Mr. President. Paula, his AI staffer, interrupted his train of thought.
Yes, Paula? He leaned back in his desk chair and propped his feet up on the desk. It was his office, it was his country, why not? Was it disrespectful? Will didn't think so.
The secretary of defense, the national security advisor, and the director of national intelligence are here for the daily intelligence brief, the AI said into Alberts' mind.
Shit. Didn't I do that yesterday? the president asked.
No sir.
Well, when was the last time I read that thing? It couldn't be that long ago.
It was thirteen months and four days ago, Mr. President. The AI paused. Sir, your wife is also requesting you meet with her and the Reservation Historical Fund Society this morning.

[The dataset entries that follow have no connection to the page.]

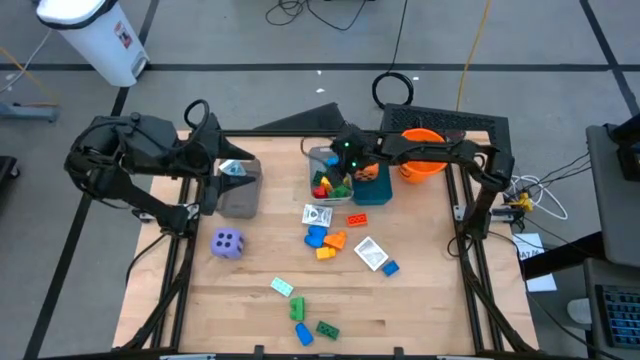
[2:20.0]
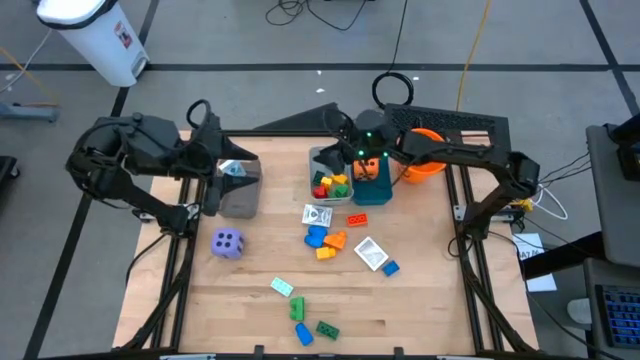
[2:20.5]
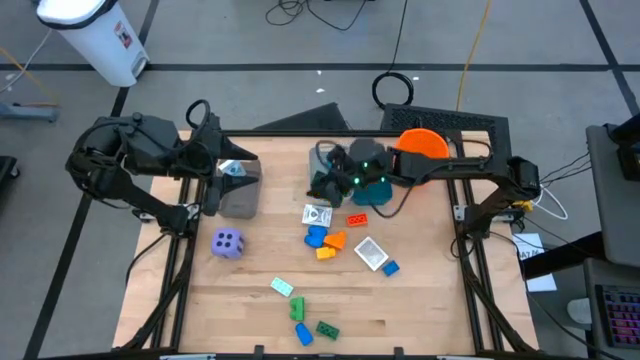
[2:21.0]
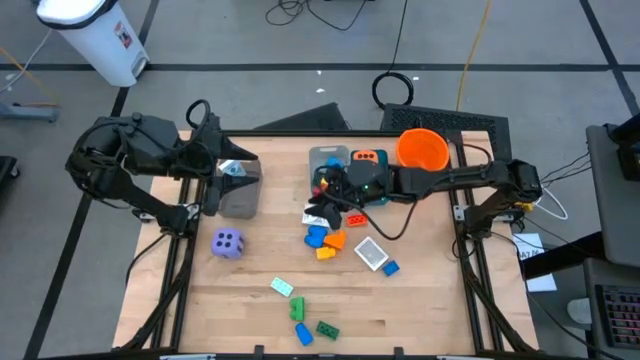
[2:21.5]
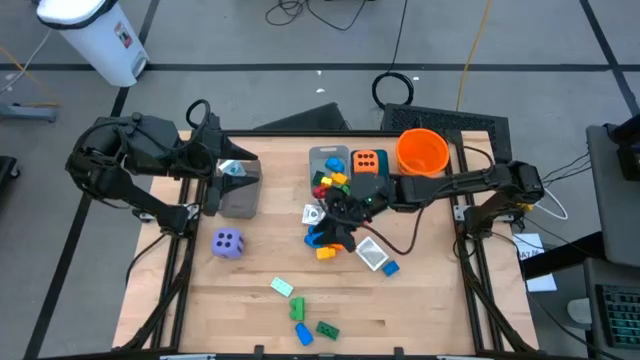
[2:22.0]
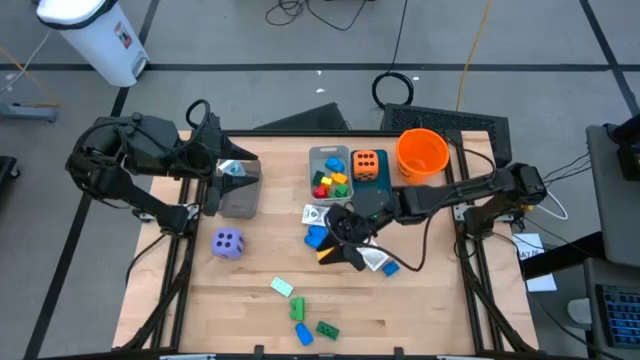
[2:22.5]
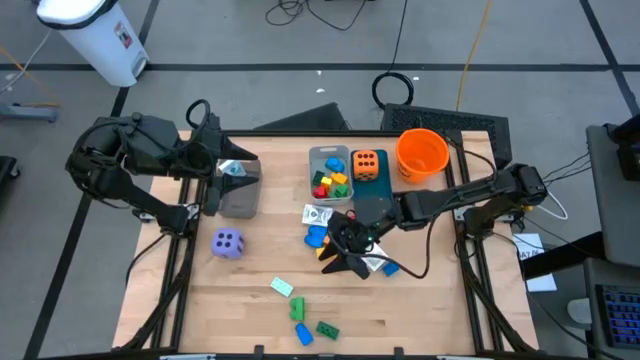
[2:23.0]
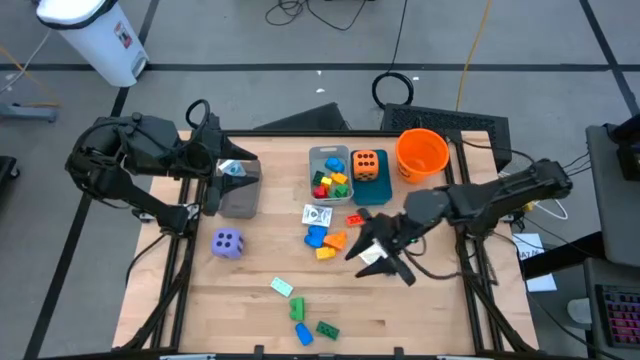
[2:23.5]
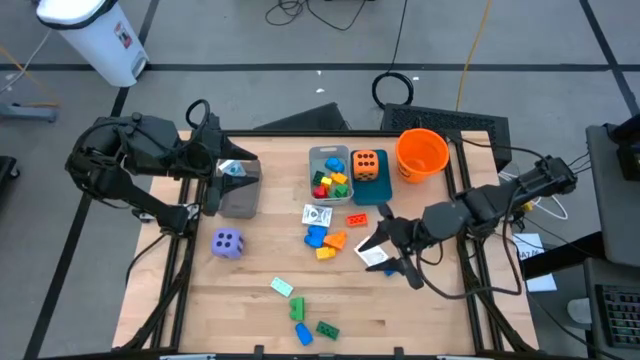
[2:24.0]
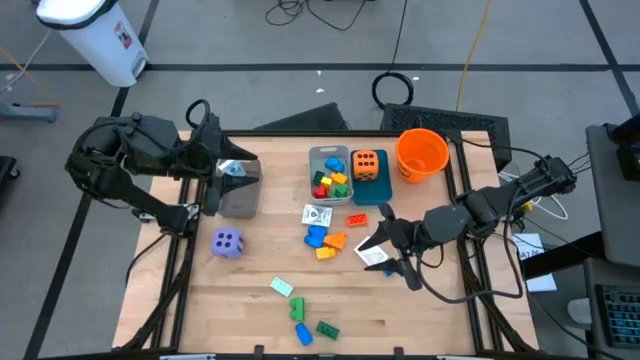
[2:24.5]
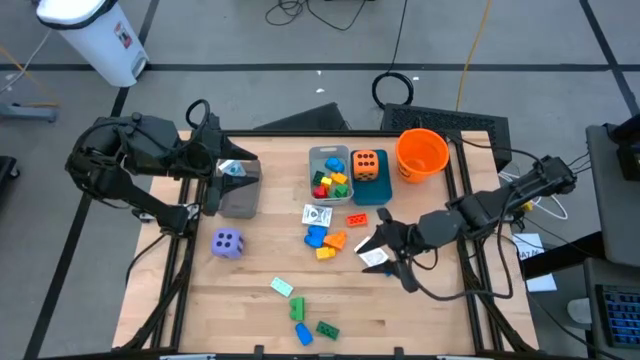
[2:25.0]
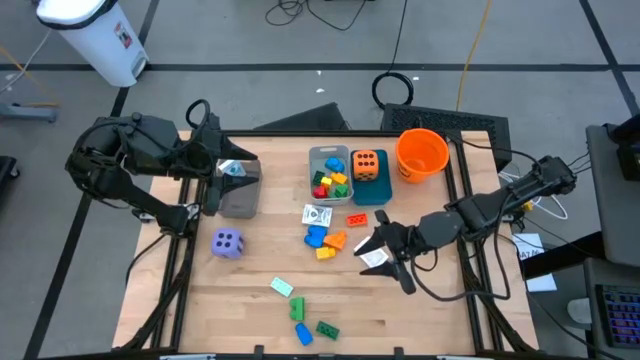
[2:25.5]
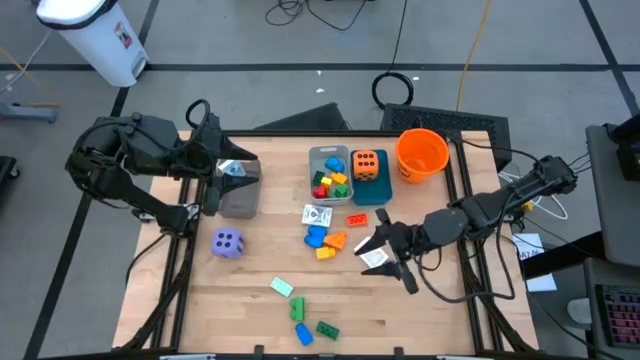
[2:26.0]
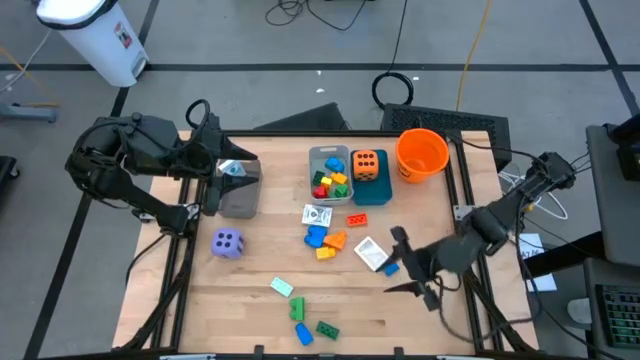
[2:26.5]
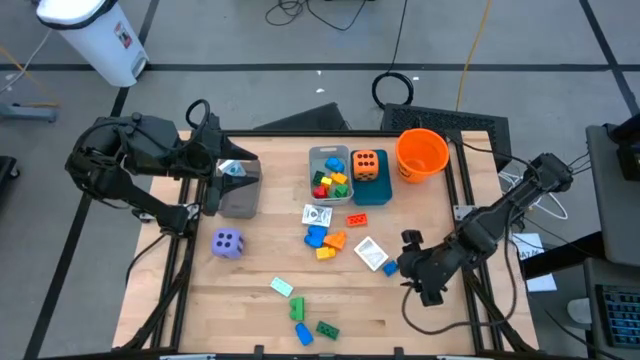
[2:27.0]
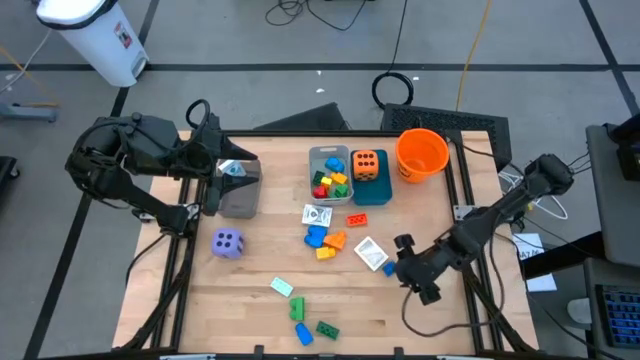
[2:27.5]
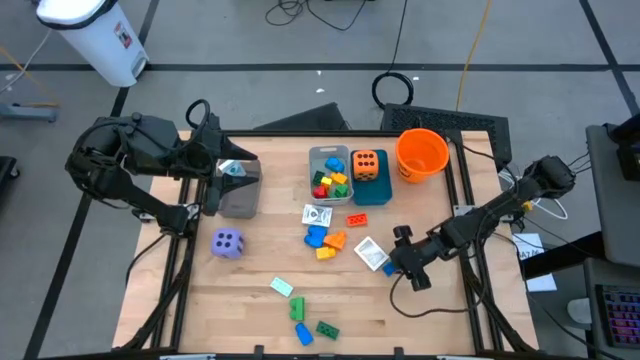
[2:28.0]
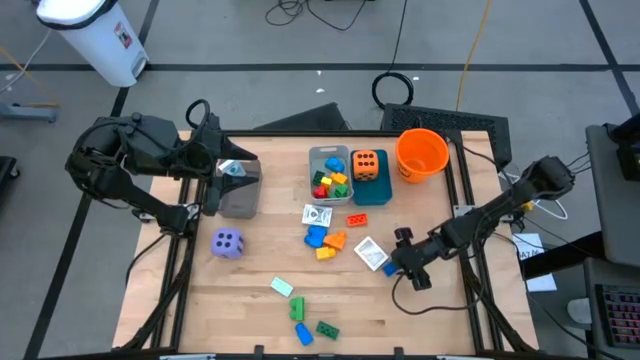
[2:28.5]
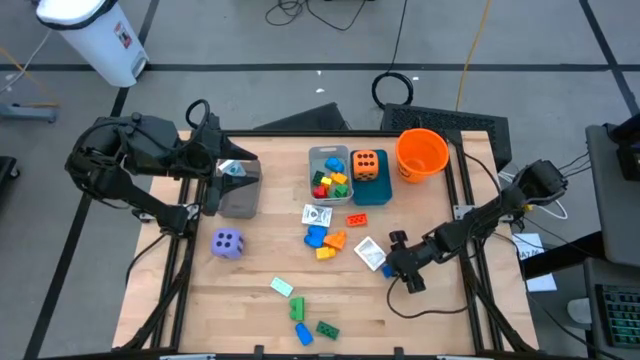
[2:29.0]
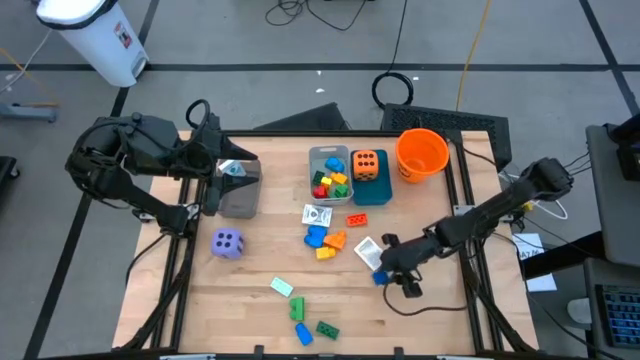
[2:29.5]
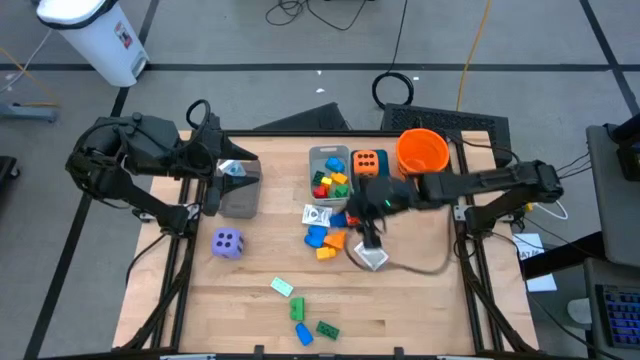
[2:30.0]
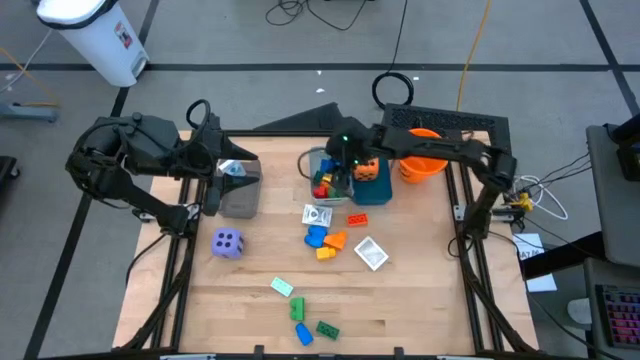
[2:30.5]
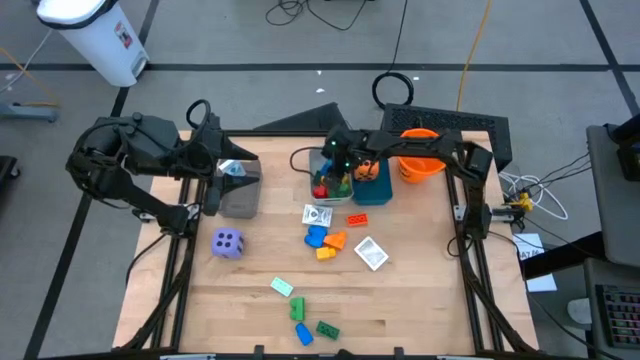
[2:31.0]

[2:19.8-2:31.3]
Task: Pick & Place Toys
Put the blue game piece into the gray bin

Shit again. Tell her I have an important meeting with the sec def, the NSA, and the DNI that I can't get out of today.
Very well. And the sec def, NSA, and DNI, sir?
Oh hell, send them in.
"Okay Conner." Alberts held up his left hand and looked up at the secretary of defense. "All this secret stuff just isn't any good for the country. The polls show that these clandestine operations make the public distrust the government. You know who the government is, Conner? Me, that's who. Did you see my approval rating today? We don't need to be doing a bunch of clandestine stuff that is gonna screw that up in my last year in office."
"Uh, yes, Mr. President, we thought of that. But the DNI's office has intelligence that there has been a lot of technology being transferred from somewhere into the Reservation," the sec def told the commander in chief.